Шрифт:
В этом отчаянии существует много моментов: Прославляют «динамику» любой ценой, ликуют в движении как таковом, хотят нового и уничтожения старого. Восторгаются всеми великими людьми, прибегавшими к насилию, — Чингисханом, Чан Кай Ши, Агафоклом* и, как всегда, Александром, Цезарем, Наполеоном. Восхваляют, наоборот, также и возврат к прошлому. Примитивное, как таковое, обладает очарованием и вечной истиной, будь то предыстория или жизнь примитивных народов. Восхищаются средними веками, великим порядком твердо установленных состояний, устройством всех империй, наложившим отпечаток на последующие века.
Хотят создать новый миф; его грубо провозглашают в диктаторских движениях или более тонко обыгрывают в образованных кругах, устанавливающих культ Гельдерлина, Ван Гога (или даже их эпигонов). При этом забывают, что эти великие люди — поразительные исключения, в своей подлинности большей частью изначально связаны с разрушительным духовным заболеванием. Действительное присутствие в них мифа производит необыкновенное впечатление в этом полностью лишенном мифа современном мире. Чистая душа Гельдерлина в самом деле незабываема, ее миф чарует, вступать в ее сферу — благо. Но все это не есть истинный миф, ибо он подлинен лишь в этих отдельных людях, он стоит вне общности и поэтому внезапен, как ничто.
Всегда остается возможность обратиться к религиозным верованиям. Когда все смешивается в вихре бессмыслия, они выступают в своем постоянстве. В соответствии с бегущим от свободы духом, переходящим попеременно от анархии к диктатуре, они усиливают теперь свою неограниченную ортодоксальность, свой характер полной связанности человека, но при этом не могут восстановить то, чем религия была некогда: проникновением во всю жизнь в ее обыденности, от рождения до смерти, сферой, в которой все происходит и посредством которой человек всегда пребывает у себя. Сегодня и религия остается областью жизни, воскресным днем наряду с другой жизнью и вне ее.

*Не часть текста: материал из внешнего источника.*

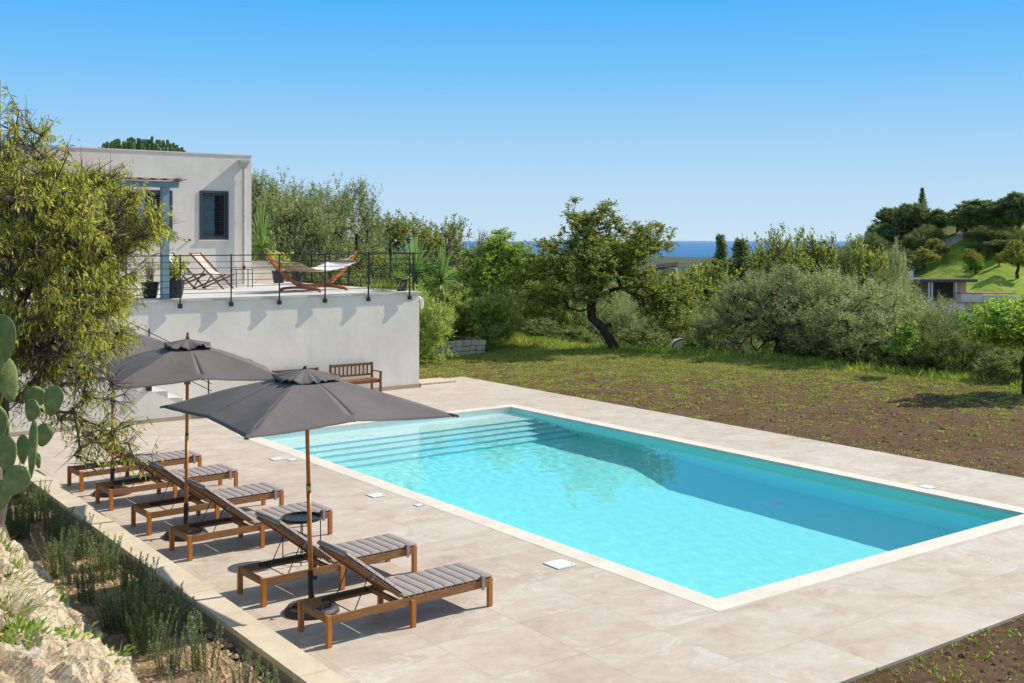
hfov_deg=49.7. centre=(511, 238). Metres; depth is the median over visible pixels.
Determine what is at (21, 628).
weed
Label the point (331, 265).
hammock
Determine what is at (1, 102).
antenna mast
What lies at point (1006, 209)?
evergreen tree
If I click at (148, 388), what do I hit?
railing
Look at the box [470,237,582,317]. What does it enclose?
olive tree
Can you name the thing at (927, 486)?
access lid
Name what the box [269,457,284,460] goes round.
access lid
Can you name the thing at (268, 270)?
garden wall
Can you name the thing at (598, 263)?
carob tree
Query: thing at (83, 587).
rosemary
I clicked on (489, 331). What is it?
oleander shrub
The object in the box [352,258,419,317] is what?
bush
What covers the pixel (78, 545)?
rosemary
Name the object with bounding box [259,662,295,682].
rosemary
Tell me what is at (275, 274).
plant pot
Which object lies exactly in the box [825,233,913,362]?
tree
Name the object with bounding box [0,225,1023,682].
ground
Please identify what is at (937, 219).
evergreen tree
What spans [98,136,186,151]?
candelabra spurge
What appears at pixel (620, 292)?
olive tree
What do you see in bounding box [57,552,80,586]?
rosemary
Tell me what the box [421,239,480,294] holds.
olive tree
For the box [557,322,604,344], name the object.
bush
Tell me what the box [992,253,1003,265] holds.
almond tree
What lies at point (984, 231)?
evergreen tree
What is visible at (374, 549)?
sun lounger
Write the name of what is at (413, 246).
yucca
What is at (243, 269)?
side table
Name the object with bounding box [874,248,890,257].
scrub bush
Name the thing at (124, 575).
rosemary
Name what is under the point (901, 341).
sapling
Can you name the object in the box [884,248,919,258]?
bushy tree
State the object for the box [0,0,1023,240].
sky
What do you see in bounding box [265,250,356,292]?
hammock stand
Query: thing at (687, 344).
bush
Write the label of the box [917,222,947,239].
bushy tree
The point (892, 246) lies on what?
scrub bush
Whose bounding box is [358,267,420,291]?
bush
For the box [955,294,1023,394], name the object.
citrus tree
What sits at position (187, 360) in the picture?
parasol
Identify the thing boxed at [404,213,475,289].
almond tree
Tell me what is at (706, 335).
bush
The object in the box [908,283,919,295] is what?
window
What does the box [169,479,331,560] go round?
sun lounger
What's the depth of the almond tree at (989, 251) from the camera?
200.21 m
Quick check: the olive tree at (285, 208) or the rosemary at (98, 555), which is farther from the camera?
the olive tree at (285, 208)
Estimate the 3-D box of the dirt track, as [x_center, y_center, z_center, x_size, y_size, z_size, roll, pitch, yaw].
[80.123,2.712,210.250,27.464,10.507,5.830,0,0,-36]
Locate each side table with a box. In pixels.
[232,269,252,287]
[281,511,321,565]
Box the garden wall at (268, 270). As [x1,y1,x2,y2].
[251,261,284,282]
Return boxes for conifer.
[711,233,730,301]
[726,237,761,305]
[918,187,928,210]
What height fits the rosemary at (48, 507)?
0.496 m
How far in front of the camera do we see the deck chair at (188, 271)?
30.27 m
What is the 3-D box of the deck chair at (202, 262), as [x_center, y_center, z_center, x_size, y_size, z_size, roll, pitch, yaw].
[-8.183,0.872,30.191,1.082,1.012,0.590,0,0,14]
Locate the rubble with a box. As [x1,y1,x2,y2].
[0,568,109,681]
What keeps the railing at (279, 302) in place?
attached to the terrace
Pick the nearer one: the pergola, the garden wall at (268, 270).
the pergola
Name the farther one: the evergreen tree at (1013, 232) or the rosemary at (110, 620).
the evergreen tree at (1013, 232)
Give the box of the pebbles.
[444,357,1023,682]
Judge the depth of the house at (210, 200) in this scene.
32.15 m
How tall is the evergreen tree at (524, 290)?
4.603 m
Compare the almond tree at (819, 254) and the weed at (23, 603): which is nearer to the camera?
the weed at (23, 603)
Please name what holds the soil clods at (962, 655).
on the ground at (992, 277)
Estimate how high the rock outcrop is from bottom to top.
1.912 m
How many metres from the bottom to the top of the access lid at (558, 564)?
0.014 m
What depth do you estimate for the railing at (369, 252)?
31.05 m
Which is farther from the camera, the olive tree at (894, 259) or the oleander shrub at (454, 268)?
the olive tree at (894, 259)
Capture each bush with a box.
[285,271,339,284]
[310,269,364,286]
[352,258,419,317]
[508,317,570,338]
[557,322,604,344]
[602,325,671,348]
[680,324,730,352]
[681,337,699,350]
[777,326,842,361]
[863,338,947,372]
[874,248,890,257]
[880,242,905,250]
[890,240,916,250]
[898,230,909,239]
[968,346,1023,383]
[975,235,990,242]
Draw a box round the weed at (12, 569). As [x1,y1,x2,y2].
[0,560,64,607]
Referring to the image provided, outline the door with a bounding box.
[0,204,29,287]
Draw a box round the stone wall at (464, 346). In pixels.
[429,336,485,355]
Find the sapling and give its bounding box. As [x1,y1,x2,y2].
[879,320,919,374]
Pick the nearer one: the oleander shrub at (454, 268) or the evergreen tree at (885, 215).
the oleander shrub at (454, 268)
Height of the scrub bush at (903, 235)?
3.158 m
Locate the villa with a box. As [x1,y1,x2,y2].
[891,277,1015,324]
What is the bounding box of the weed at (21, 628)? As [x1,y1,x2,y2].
[0,614,66,640]
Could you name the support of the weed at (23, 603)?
on the ground at (992, 277)
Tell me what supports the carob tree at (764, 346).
on the ground at (992, 277)
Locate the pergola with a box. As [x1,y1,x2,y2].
[11,174,187,299]
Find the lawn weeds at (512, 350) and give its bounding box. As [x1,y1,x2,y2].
[419,331,1023,473]
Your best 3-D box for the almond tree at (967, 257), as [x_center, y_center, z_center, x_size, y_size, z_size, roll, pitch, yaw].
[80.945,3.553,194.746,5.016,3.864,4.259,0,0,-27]
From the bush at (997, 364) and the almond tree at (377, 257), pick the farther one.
the almond tree at (377, 257)
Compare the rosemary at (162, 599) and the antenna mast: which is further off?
the antenna mast
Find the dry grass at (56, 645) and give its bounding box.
[0,526,143,682]
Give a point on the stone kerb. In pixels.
(243, 630)
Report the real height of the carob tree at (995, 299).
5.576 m
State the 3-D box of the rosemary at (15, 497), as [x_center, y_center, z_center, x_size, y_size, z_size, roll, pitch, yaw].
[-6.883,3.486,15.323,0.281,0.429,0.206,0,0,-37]
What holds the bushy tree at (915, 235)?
on the ground at (992, 277)
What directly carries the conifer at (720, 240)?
on the ground at (992, 277)
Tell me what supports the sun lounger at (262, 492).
on the paving
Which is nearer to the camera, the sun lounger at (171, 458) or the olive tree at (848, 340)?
the sun lounger at (171, 458)
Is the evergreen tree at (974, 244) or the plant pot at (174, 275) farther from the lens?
the evergreen tree at (974, 244)
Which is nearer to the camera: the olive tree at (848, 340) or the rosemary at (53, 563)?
the rosemary at (53, 563)
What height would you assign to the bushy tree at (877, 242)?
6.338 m
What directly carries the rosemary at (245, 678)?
on the ground at (992, 277)
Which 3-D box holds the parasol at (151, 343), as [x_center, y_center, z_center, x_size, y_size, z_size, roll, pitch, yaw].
[-6.046,2.533,16.769,2.282,2.635,2.282,0,0,-32]
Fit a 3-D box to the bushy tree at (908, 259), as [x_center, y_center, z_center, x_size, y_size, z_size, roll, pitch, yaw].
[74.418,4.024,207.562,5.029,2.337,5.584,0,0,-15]
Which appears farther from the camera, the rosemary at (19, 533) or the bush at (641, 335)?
the bush at (641, 335)
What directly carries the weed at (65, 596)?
on the ground at (992, 277)
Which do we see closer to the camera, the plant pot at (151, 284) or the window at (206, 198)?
the plant pot at (151, 284)
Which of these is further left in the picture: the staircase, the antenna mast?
the antenna mast
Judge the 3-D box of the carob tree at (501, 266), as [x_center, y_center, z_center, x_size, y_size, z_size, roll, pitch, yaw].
[-0.427,1.679,39.675,3.333,4.236,4.239,0,0,31]
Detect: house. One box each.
[0,144,251,290]
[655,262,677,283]
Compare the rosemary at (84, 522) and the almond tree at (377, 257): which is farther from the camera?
the almond tree at (377, 257)
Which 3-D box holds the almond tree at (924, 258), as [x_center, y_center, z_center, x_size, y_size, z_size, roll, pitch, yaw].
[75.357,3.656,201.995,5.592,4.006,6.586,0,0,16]
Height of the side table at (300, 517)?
0.530 m
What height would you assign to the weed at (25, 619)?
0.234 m
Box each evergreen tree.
[480,280,571,327]
[516,275,589,339]
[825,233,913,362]
[864,222,904,241]
[871,206,907,229]
[891,202,933,229]
[921,208,949,229]
[947,198,1004,224]
[963,224,1009,238]
[964,239,988,251]
[983,239,1017,253]
[986,226,1023,242]
[987,205,1010,219]
[993,191,1023,228]
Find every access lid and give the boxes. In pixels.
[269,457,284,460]
[366,492,386,497]
[543,559,577,569]
[917,484,937,488]
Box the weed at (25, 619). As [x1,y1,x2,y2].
[0,602,53,634]
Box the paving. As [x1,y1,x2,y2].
[12,377,1023,682]
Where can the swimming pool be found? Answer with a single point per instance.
(716, 527)
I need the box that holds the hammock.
[269,253,357,271]
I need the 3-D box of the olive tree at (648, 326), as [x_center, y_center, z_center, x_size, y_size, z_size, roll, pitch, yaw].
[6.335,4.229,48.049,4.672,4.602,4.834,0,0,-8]
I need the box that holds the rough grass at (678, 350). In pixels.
[466,329,1021,387]
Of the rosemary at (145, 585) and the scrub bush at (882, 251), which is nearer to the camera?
the rosemary at (145, 585)
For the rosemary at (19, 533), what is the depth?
13.55 m
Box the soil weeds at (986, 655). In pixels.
[849,618,1023,682]
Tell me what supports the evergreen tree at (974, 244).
on the ground at (992, 277)
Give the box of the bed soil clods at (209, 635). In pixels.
[3,471,281,682]
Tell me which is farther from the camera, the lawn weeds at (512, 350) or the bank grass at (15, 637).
the lawn weeds at (512, 350)
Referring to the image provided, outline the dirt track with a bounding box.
[902,228,963,273]
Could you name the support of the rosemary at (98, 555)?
on the ground at (992, 277)
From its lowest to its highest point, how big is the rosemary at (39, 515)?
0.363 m
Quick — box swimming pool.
[235,404,1023,611]
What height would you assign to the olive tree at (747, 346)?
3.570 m
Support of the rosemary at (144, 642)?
on the ground at (992, 277)
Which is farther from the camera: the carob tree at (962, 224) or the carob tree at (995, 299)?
the carob tree at (962, 224)
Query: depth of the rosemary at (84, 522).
13.08 m
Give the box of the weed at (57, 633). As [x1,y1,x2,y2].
[12,614,84,644]
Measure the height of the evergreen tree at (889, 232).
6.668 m
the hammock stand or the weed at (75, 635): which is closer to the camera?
the weed at (75, 635)
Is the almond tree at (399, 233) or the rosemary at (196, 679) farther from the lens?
the almond tree at (399, 233)
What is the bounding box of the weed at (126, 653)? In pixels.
[101,641,139,664]
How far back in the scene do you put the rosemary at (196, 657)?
9.43 m
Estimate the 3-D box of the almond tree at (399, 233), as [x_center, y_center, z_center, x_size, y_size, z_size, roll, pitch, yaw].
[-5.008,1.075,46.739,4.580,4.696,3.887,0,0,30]
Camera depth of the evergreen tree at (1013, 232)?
202.40 m
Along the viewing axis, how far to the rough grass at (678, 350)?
34.74 m
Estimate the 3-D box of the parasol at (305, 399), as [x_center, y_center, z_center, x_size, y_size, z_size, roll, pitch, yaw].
[-2.124,2.580,11.435,2.301,2.540,2.302,0,0,-36]
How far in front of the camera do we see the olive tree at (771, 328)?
37.09 m
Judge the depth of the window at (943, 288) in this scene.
92.51 m
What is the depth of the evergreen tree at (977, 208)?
210.74 m
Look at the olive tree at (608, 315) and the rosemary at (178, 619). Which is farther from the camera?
the olive tree at (608, 315)
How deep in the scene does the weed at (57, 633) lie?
7.53 m
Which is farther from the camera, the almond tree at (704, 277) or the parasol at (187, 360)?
the almond tree at (704, 277)
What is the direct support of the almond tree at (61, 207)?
on the ground at (992, 277)
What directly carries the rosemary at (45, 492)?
on the ground at (992, 277)
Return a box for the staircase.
[8,343,205,436]
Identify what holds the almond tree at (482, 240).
on the ground at (992, 277)
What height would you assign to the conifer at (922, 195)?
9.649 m
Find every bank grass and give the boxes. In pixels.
[0,526,38,570]
[0,622,121,680]
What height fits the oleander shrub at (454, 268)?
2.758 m
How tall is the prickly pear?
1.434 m
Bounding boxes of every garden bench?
[272,367,318,372]
[329,362,382,391]
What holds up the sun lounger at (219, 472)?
on the paving
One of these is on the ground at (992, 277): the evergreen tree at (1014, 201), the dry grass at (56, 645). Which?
the evergreen tree at (1014, 201)
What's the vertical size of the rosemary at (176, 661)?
0.384 m
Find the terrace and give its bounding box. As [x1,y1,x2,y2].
[0,282,455,399]
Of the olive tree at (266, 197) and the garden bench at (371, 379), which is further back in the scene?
the olive tree at (266, 197)
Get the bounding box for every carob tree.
[453,227,544,339]
[497,196,704,349]
[716,293,778,354]
[944,214,989,235]
[951,296,1018,373]
[983,213,1023,227]
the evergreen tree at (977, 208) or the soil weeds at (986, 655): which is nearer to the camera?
the soil weeds at (986, 655)
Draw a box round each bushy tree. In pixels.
[845,232,891,252]
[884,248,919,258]
[897,254,919,265]
[900,227,941,248]
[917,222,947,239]
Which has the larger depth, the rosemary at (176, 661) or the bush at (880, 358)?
the bush at (880, 358)
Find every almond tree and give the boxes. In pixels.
[0,85,189,539]
[314,244,411,289]
[348,209,446,279]
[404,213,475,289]
[445,228,526,327]
[658,257,742,336]
[697,255,731,270]
[727,222,823,347]
[789,226,890,359]
[909,248,939,269]
[920,238,951,254]
[957,248,984,269]
[967,259,984,273]
[979,247,994,258]
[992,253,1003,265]
[999,239,1023,277]
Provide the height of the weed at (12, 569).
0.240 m
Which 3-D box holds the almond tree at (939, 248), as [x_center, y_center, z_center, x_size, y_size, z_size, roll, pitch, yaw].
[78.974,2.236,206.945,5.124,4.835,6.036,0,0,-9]
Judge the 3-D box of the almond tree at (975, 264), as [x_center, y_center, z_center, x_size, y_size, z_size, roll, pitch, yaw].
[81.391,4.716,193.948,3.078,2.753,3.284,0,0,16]
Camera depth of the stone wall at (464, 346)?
36.80 m
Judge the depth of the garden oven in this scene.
43.48 m
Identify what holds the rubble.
on the ground at (992, 277)
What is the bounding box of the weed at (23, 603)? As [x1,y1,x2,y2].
[0,581,67,615]
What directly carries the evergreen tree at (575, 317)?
on the ground at (992, 277)
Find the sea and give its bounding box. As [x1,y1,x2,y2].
[352,241,850,257]
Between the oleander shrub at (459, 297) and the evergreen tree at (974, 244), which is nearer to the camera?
the oleander shrub at (459, 297)
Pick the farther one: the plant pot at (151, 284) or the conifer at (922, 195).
the conifer at (922, 195)
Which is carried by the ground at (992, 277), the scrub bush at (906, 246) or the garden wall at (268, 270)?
the scrub bush at (906, 246)
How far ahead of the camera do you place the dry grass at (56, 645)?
7.18 m
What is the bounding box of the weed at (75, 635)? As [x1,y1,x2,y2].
[55,621,102,646]
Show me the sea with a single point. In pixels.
(696, 248)
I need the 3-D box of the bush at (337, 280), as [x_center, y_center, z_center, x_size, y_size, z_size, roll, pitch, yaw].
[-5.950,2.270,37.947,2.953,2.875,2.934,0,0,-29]
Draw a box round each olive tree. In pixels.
[251,165,359,281]
[251,170,296,255]
[278,173,392,272]
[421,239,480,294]
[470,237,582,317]
[554,273,641,343]
[596,276,666,339]
[602,286,703,345]
[683,301,764,354]
[694,258,866,355]
[770,263,945,364]
[866,235,918,300]
[876,279,967,372]
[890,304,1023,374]
[965,307,1023,377]
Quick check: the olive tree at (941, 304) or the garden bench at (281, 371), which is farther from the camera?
the olive tree at (941, 304)
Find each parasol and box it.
[53,320,164,497]
[95,332,275,541]
[159,366,459,620]
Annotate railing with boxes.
[1,253,421,307]
[1,260,211,393]
[292,250,414,290]
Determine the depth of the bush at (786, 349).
35.93 m
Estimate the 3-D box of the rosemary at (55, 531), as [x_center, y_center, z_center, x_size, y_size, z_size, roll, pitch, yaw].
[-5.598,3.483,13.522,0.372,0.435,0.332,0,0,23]
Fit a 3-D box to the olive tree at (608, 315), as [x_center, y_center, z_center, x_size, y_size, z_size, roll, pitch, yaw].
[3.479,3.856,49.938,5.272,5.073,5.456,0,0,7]
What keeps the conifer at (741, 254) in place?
on the ground at (992, 277)
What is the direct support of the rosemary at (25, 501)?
on the ground at (992, 277)
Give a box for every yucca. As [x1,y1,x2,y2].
[380,245,411,284]
[392,234,443,295]
[422,242,461,303]
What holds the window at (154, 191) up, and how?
in the house at (210, 200)
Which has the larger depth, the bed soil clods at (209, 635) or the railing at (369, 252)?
the railing at (369, 252)
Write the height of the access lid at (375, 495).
0.014 m
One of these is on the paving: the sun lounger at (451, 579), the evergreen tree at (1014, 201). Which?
the sun lounger at (451, 579)
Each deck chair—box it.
[169,252,206,289]
[189,252,234,288]
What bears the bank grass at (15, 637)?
on the rock outcrop
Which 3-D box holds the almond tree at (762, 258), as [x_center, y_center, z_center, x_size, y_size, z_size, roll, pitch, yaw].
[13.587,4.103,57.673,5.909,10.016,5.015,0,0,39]
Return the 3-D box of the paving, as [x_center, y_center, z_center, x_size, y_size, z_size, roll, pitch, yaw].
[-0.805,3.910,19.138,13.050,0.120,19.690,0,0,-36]
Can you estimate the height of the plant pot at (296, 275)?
0.641 m
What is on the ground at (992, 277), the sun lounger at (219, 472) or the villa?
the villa
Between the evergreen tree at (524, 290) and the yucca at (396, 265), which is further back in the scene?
the evergreen tree at (524, 290)
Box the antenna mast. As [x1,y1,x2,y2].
[0,80,1,140]
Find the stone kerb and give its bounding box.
[2,456,348,682]
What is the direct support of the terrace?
on the ground at (992, 277)
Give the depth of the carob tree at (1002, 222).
210.11 m
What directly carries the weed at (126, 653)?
on the ground at (992, 277)
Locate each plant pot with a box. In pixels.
[140,253,158,297]
[154,254,190,297]
[266,250,293,282]
[288,264,302,282]
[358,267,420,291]
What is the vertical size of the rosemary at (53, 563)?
0.538 m
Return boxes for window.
[110,189,172,235]
[198,191,229,240]
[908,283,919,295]
[933,282,952,297]
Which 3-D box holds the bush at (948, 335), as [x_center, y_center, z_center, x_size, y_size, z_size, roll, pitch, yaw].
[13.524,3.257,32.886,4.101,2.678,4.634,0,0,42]
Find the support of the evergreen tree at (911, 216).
on the ground at (992, 277)
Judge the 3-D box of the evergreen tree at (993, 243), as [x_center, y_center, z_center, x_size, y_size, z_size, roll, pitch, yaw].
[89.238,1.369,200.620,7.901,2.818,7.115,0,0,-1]
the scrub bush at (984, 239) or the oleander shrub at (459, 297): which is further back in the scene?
the scrub bush at (984, 239)
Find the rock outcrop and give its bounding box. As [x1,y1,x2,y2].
[0,527,140,682]
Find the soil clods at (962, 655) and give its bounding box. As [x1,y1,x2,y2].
[423,354,1023,682]
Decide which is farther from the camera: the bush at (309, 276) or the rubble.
the bush at (309, 276)
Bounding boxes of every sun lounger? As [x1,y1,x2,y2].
[67,430,201,491]
[95,444,237,510]
[131,460,283,535]
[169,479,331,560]
[237,511,416,607]
[298,540,492,648]
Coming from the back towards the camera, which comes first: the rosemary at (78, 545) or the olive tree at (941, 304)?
the olive tree at (941, 304)
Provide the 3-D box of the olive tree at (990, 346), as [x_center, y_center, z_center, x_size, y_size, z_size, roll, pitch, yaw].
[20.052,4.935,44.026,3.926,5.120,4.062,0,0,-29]
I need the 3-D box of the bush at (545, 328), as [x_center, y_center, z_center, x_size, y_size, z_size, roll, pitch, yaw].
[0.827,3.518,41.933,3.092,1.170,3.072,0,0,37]
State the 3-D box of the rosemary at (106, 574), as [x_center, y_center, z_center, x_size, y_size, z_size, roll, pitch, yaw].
[-4.403,3.448,11.906,0.404,0.506,0.453,0,0,18]
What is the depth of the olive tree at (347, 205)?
42.58 m
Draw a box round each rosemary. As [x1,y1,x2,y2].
[5,492,28,529]
[5,492,38,540]
[9,489,25,505]
[23,479,50,511]
[23,493,52,522]
[30,526,78,579]
[38,494,61,530]
[40,505,74,541]
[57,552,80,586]
[65,520,101,559]
[69,560,95,605]
[72,512,93,548]
[78,531,121,582]
[87,530,123,569]
[87,575,141,634]
[111,563,169,643]
[114,547,148,592]
[124,599,178,658]
[129,556,159,604]
[148,625,185,674]
[150,581,186,621]
[165,581,197,638]
[165,664,220,682]
[181,608,223,672]
[228,647,262,682]
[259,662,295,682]
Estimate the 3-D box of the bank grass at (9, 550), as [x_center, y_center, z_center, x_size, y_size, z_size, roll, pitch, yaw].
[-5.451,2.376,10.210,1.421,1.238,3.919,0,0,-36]
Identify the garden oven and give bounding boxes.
[670,338,689,349]
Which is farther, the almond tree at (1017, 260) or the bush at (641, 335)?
the almond tree at (1017, 260)
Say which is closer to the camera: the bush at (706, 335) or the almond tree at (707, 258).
the bush at (706, 335)
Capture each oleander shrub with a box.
[407,278,458,364]
[418,265,504,333]
[418,270,482,341]
[429,268,529,350]
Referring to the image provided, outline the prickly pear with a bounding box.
[0,314,63,509]
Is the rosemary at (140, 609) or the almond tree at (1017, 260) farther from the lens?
the almond tree at (1017, 260)
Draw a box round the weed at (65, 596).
[58,588,78,607]
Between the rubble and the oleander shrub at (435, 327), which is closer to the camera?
the rubble
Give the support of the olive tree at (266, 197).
on the ground at (992, 277)

Эти религии с их альтернативой «либо нигилизм, либо откровение» отвергают философию, философию упрекают в том, что она также несет интеллектуальную ответственность за бедствие современной души.
Однако о конце философии мы слышим не только от тех, кто своей альтернативой хотят принудить нас к вере в откровение. Конец философии провозгласил и национал-социализм, неспособный вынести независимость философского мышления. Философия должна была быть заменена биологическим мировоззрением и антропологией. И философию отвергает также любая разновидность нигилизма, объявляя ее миром иллюзий, напрасных грез, самообмана слабых людей. С точки зрения нигилизма то и другое, религия и философия, пришло к своему концу. Новым должна быть свобода человека, лишенного иллюзий, не обладающего ни почвой, ни целью. К тому же распространенное общественное мнение считает философию в лучшем случае излишней; ибо полагает, что философия слепа по отношению к настоящему, к его силам и движениям. Спрашивают: Для чего нужна философия? Философия не помогает. Платон не мог помочь грекам, он не предотвратил их гибель, более того, косвенным образом содействовал этой гибели.

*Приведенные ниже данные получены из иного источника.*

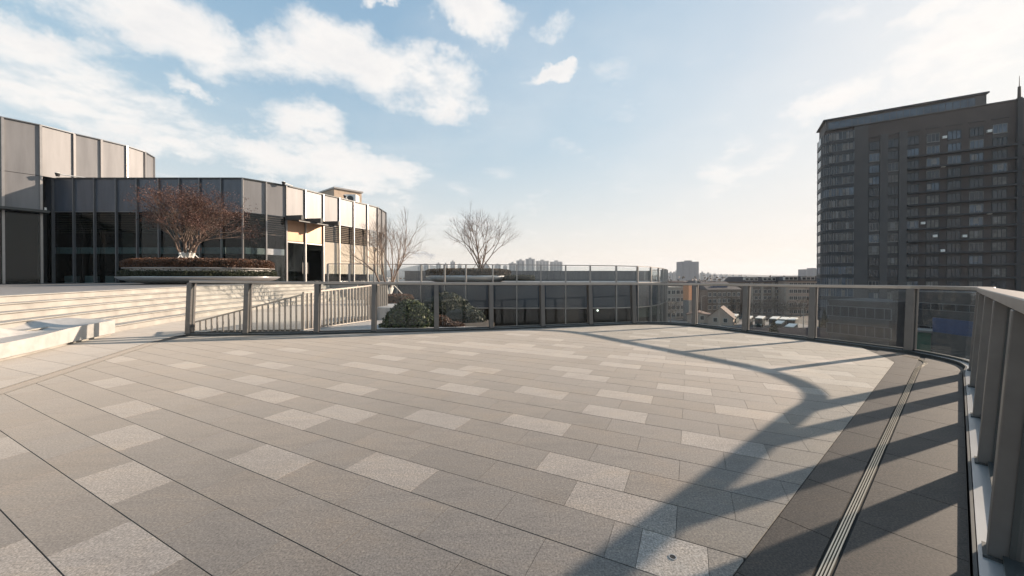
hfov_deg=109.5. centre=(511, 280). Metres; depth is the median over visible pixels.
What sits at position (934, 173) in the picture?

Все отрицания философии исходят из того, что ей чуждо, — либо из твердого содержания веры, для которого философия может быть опасна, либо из целей наличного бытия, для которых философия бесполезна, либо из нигилизма, отвергающего как не имеющее ценности все, в том числе и философию.
Но в философствовании происходит то, чего не замечают все ее противники: с философствованием человек обретает свои истоки. В этом смысле философия безусловна и не имеет цели. Ее нельзя ни обосновать, исходя из другого, ни оправдать как полезную для чего-либо. Она — не бревно и не соломинка, за которые можно держаться. Философией нельзя распоряжаться, ее нельзя использовать.
Мы осмеливаемся утверждать: философии не может не быть, пока живут люди. Философия содержит притязание: обрести смысл жизни поверх всех целей в мире — явить смысл, охватывающий эти цели, — осуществить, как бы пересекая жизнь, этот смысл в настоящем — служить посредством настоящего одновременно и будущему — никогда не низводить какого-либо человека или человека вообще до средства.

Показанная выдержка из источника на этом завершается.